# Help me id this piranha



## PiranhasRock62 (Jun 25, 2006)

it is around 10 inches and I have seen one other black that looked like this one but I am not positive what is is.


----------



## BUBB$ (May 8, 2006)

I'M NOT A PRO BUT LOOKS LIKE P.TERNETZI...


----------



## 2PiRaNhA~2FuRrY (Nov 1, 2005)

diffinetly not a black rhom for sure, could be a Tern, or pygo are in a stage that showing a breeding color.


----------



## Grosse Gurke (Jan 3, 2003)

Looks like orange in they eye...I would say nattereri (redbelly).


----------



## BUBB$ (May 8, 2006)

IF YOU BOUGHT THIS AT THE LFS, THEY'LL SAY ANYTHING JUST TO GET THEM OFF THIER HANDS. THEY'LL SAY BLACK PIRANHA JUST BECAUSE IT'S KINDA DARK. BUT THE COMMON NAME "BLACK PIRANHA" IS USE FOR "SERRA. RHOMBEUS" NOT THE "PYGO" THAT IS IN THE PICTURE.


----------



## a-ronn (Jun 12, 2006)

Looks like a red with breeding colors to me how much did you pay for that thing ?


----------



## hastatus (Jan 16, 2003)

Pygocentrus nattereri. The quality of the photo does not allow me to say that it is "ternetzi".


----------



## GoJamieGo (Mar 18, 2005)

Looks like a ordinary RBP...... Sorry but I think you got hosed.


----------



## taylorhedrich (Mar 2, 2005)

Yes, it's just any ol' plain Pygocentrus nattereri.

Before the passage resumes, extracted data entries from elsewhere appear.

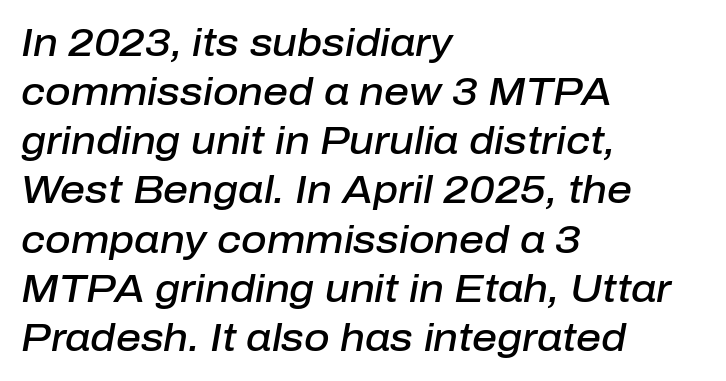
The image shows 39 px semibold type, italic (leaning right); set left-aligned, normal line spacing (1.26x), normal letter spacing, not underlined; low stroke contrast and a medium x-height.
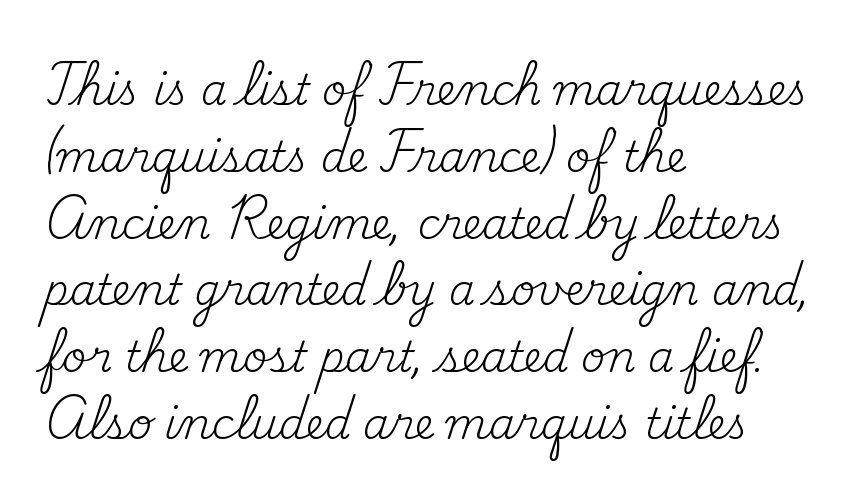
Descenders are the only things crossing below the line. Unlike a clean sans, this face finishes its strokes with serifs. Varying glyph widths throughout — classic text-font behaviour. The weight would be labelled regular, book, light, or lighter still. Evenly set lines give the paragraph a standard silhouette.
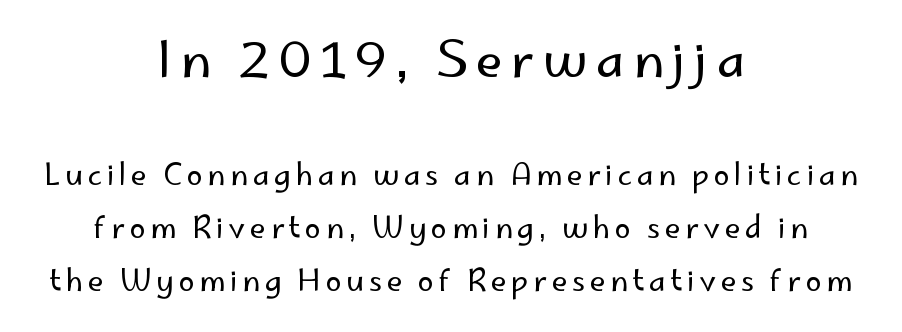
The image shows 50 px regular-weight sans-serif type, upright; set centered, line spacing 1.82x, not underlined; the first (top) block is 1.72x larger; low stroke contrast and a small x-height.
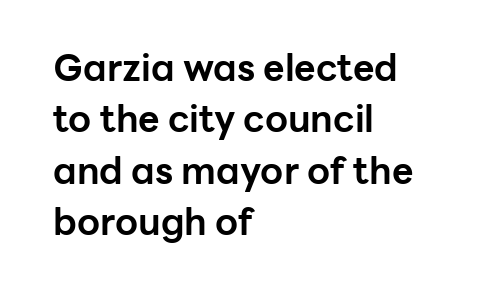
Q: Is the text bold? A: Yes.
Q: Is the text italic (slanted)? A: No, it is upright.
Q: Is the typeface a serif or a sans-serif typeface? A: Sans-serif.
Q: Is the text underlined? A: No.
Q: How is the paragraph aligned? A: Left-aligned.
Q: Is the spacing between letters normal or unusually wide? A: Normal.
Q: Is the spacing between lines tight, normal or loose? A: Normal.
Q: Width (condensed, normal, or wide)? A: Normal.
Q: Stroke contrast? A: Low.
Q: x-height? A: Medium.
Q: Monospaced? A: No.
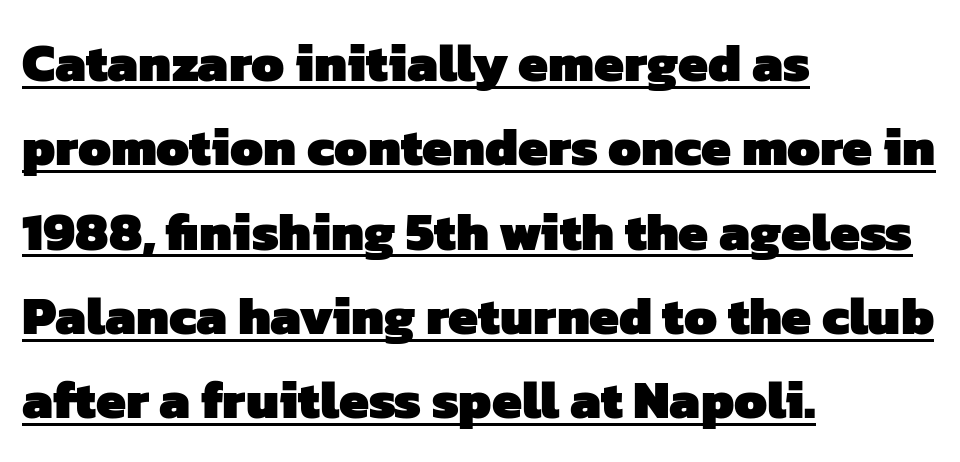
The image shows 53 px heavy sans-serif type; set left-aligned, normal line spacing (1.59x), normal letter spacing, underlined; low stroke contrast and a medium x-height.

I'm afraid to ask how much you paid for it...


----------



## altimaser (Jul 10, 2006)

that is definately a Red Belly


----------



## PiranhasRock62 (Jun 25, 2006)

100


----------



## taylorhedrich (Mar 2, 2005)

Eyad said:


> 100


Then my guess is that they knew it wasn't a black piranha, because if they believe it really was a black piranha, they would have charged you a lot more.
~Taylor~


----------



## bob351 (Oct 23, 2005)

i think its worth it if its a personable fish i woulda payed 75 for that fish


----------